Electronics exports skyrocketed to a record-high $32.7 billion last year, pumping more than half of the country’s merchandise exports that increased to $62.87 billion for a growth rate of 9.53 percent.
“Philippine merchandise exports grew by 9-and-a-half percent in 2017, which is practically three times what we had expected for the year. It really exceeded the targets for merchandise exports,” said Senen M. Perlada, director of the Department of Trade
and Industry’s (DTI) Exports Marketing Bureau.
The trade department targeted a 6.5-percent to 7.5-percent growth in total exports last year, banking on an objective to grow services exports by at least 10 percent. On the other hand, the government had aimed to expand merchandise exports by at least 4 percent.
The record-high $32.7-billion electronics exports in the previous year contributed 52 percent of the country’s total commodity exports. It was also an 11-percent hike from the $29.4 billion recorded in 2016.
Nonelectronics exports, Perlada said, increased by 7.8 percent last year and was valued at $30.17 billion. With this, he said outbound shipment of merchandise is growing at a compounded annual growth rate of 2.4 percent.
Latest figures by the Bangko Sentral ng Pilipinas reported a 10.4-percent growth for exports of services from January to September in the previous year. Services exports was valued at $26.53 billion as against $24 billion for the same period in 2016.
With the pace of the country’s exports performance, Perlada said the government is confident it can hit the lower end of its target of at least $122- billion export receipts in 2022. “There is enough confidence on our part that we will be able to hit—cautiously optimistic at the very least—the lower end of the target for 2022 of having exports reach $122 billion.”
“It is a range target of $122 billion to $131 billion. We are cautiously optimistic that we can at least get to the lower end of that target depending upon the kind of assistance packages that we provide,” the DTI official added. He promised the electronics industry will continue to receive the government’s strong backing, given its consistent performance of being the country’s top export producer.

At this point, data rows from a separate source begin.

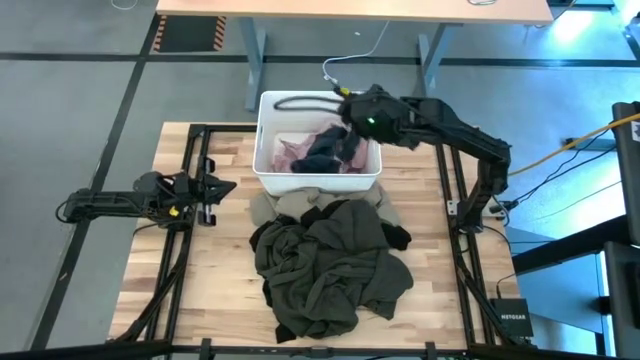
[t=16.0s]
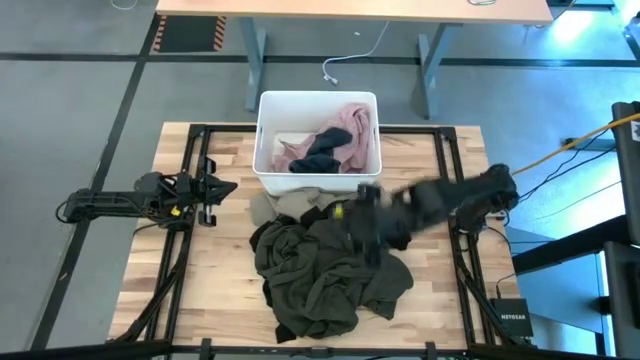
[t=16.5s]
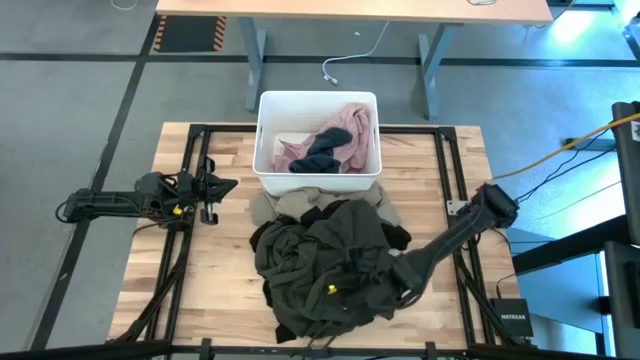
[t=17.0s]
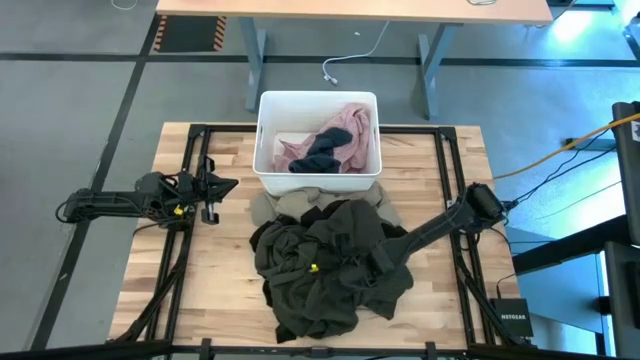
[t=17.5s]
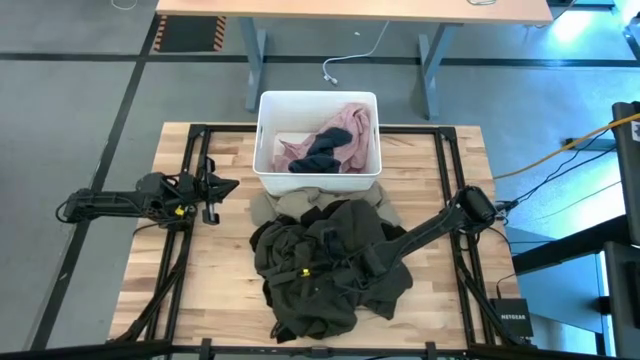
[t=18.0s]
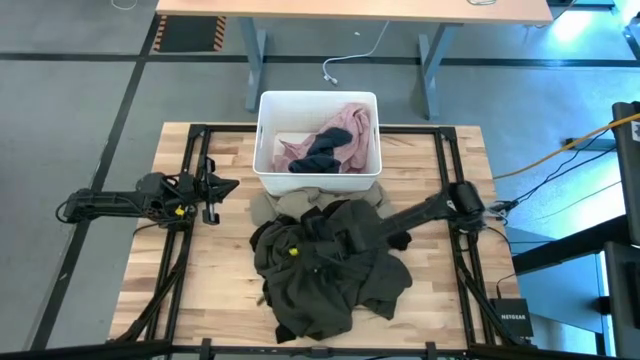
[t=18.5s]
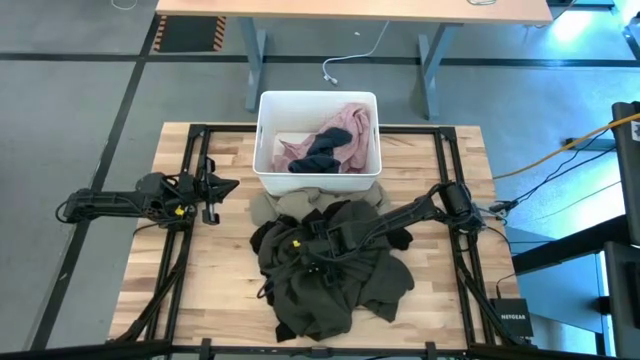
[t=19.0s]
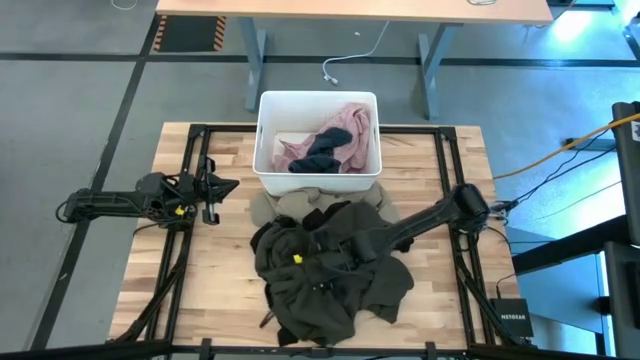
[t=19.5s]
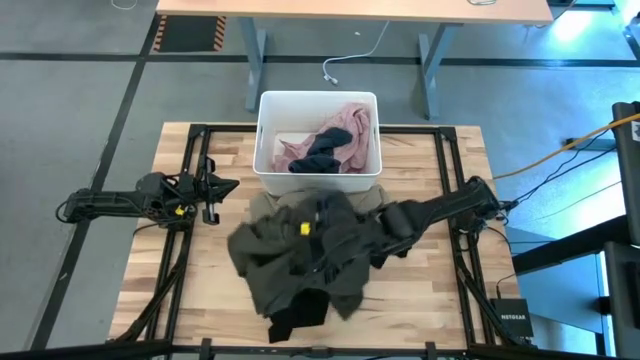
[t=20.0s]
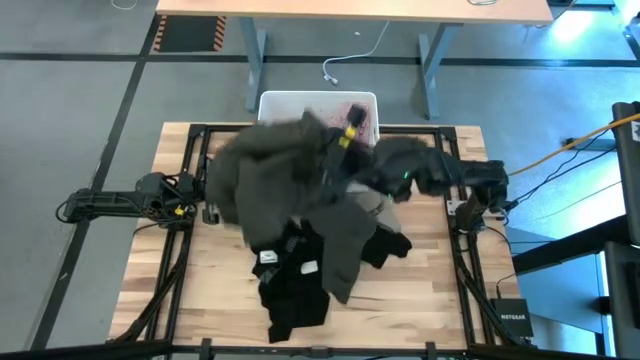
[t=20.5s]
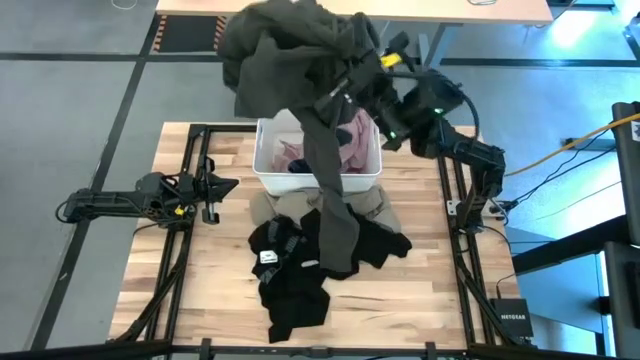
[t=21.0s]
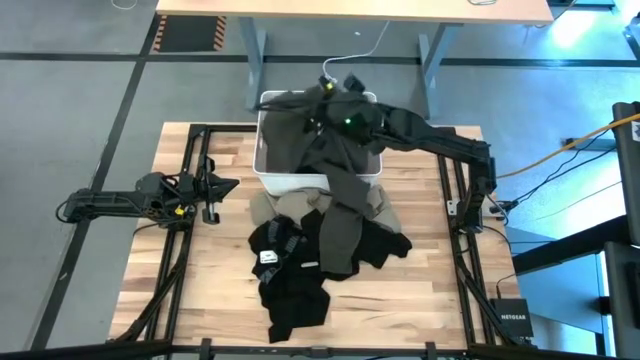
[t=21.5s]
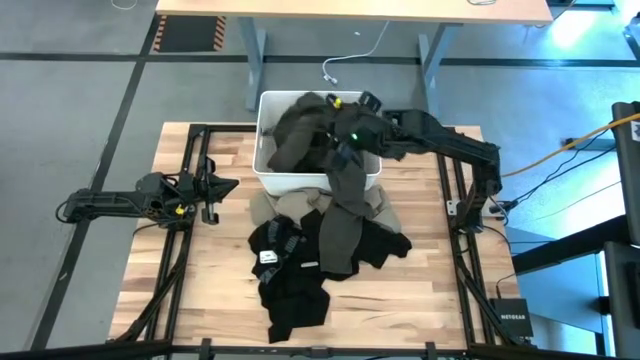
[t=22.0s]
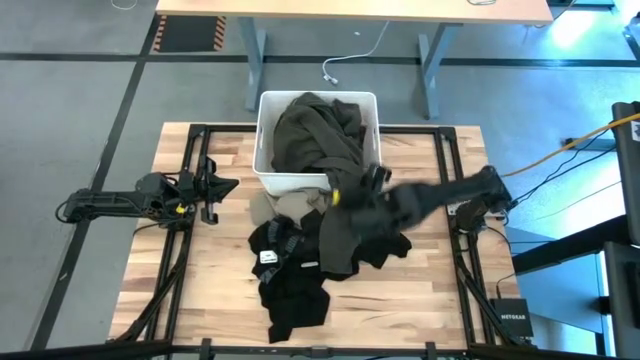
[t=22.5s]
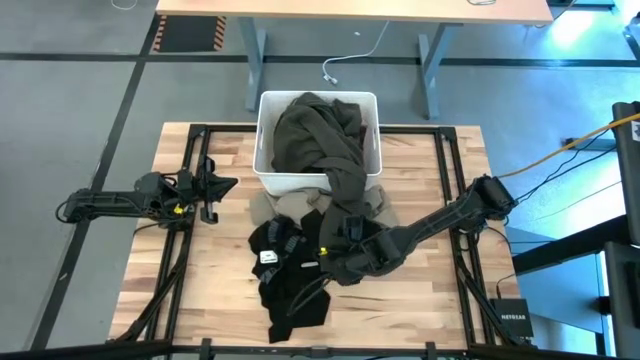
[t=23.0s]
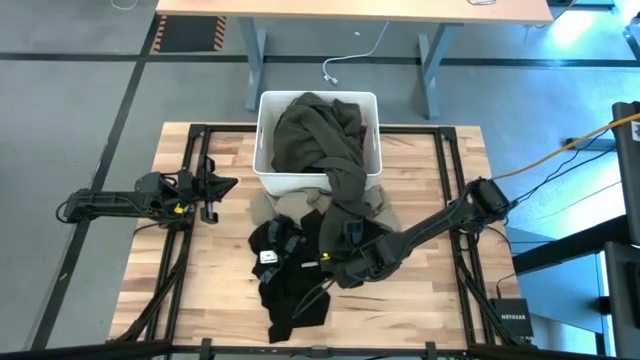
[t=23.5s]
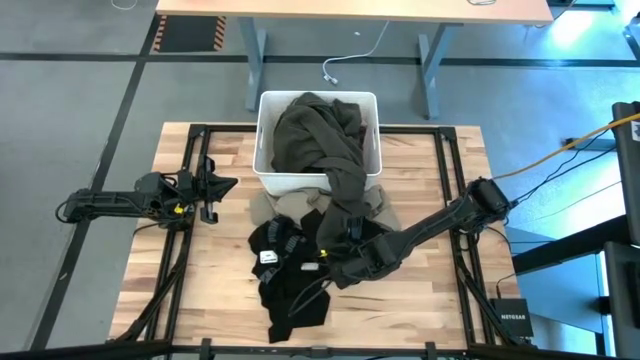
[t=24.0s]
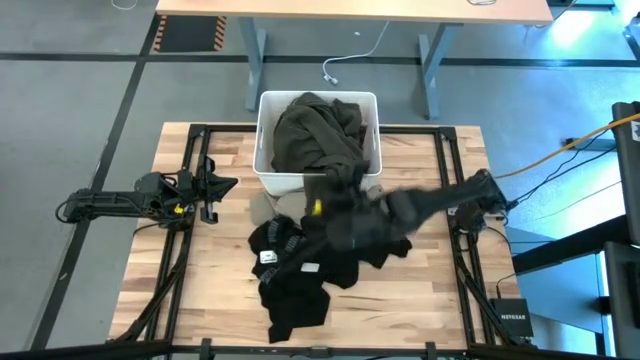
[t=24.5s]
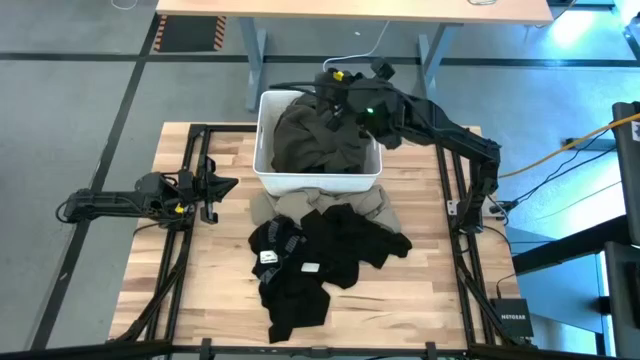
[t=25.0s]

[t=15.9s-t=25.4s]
Task: Sort clothes
Put the black hoodie into the white bin

Moreover, the Semiconductor and Electronics Industries of the Philippines Foundation Inc. is positive that electronics share in the country’s exports will continue to grow in the next years. Seipi President Danilo C. Lachica said they are expecting electronics exports for this year to grow by 6 percent.
Sought why it is lower than the 11-percent growth of the industry last year, Lachica said it is better to “undercommit and overdeliver” so as to weather expectations. He added the sector’s outlook is still uncertain given the changing global demand.
Hong Kong remains to be the country’s top importer of electronics with a share of 21.56 percent, higher than the 19.47 percent in 2016. On the other hand, the United States took over China as the second-largest recipient of Philippine-made electronic products at 12.66 percent and 12.61 percent, respectively.
Rounding up the top importers of electronics are Singapore and Japan at 9.97 percent and 8.94 percent, respectively. Germany, Taiwan, the Netherlands, Thailand and South Korea are also among the highest importers of electronic products from the Philippines.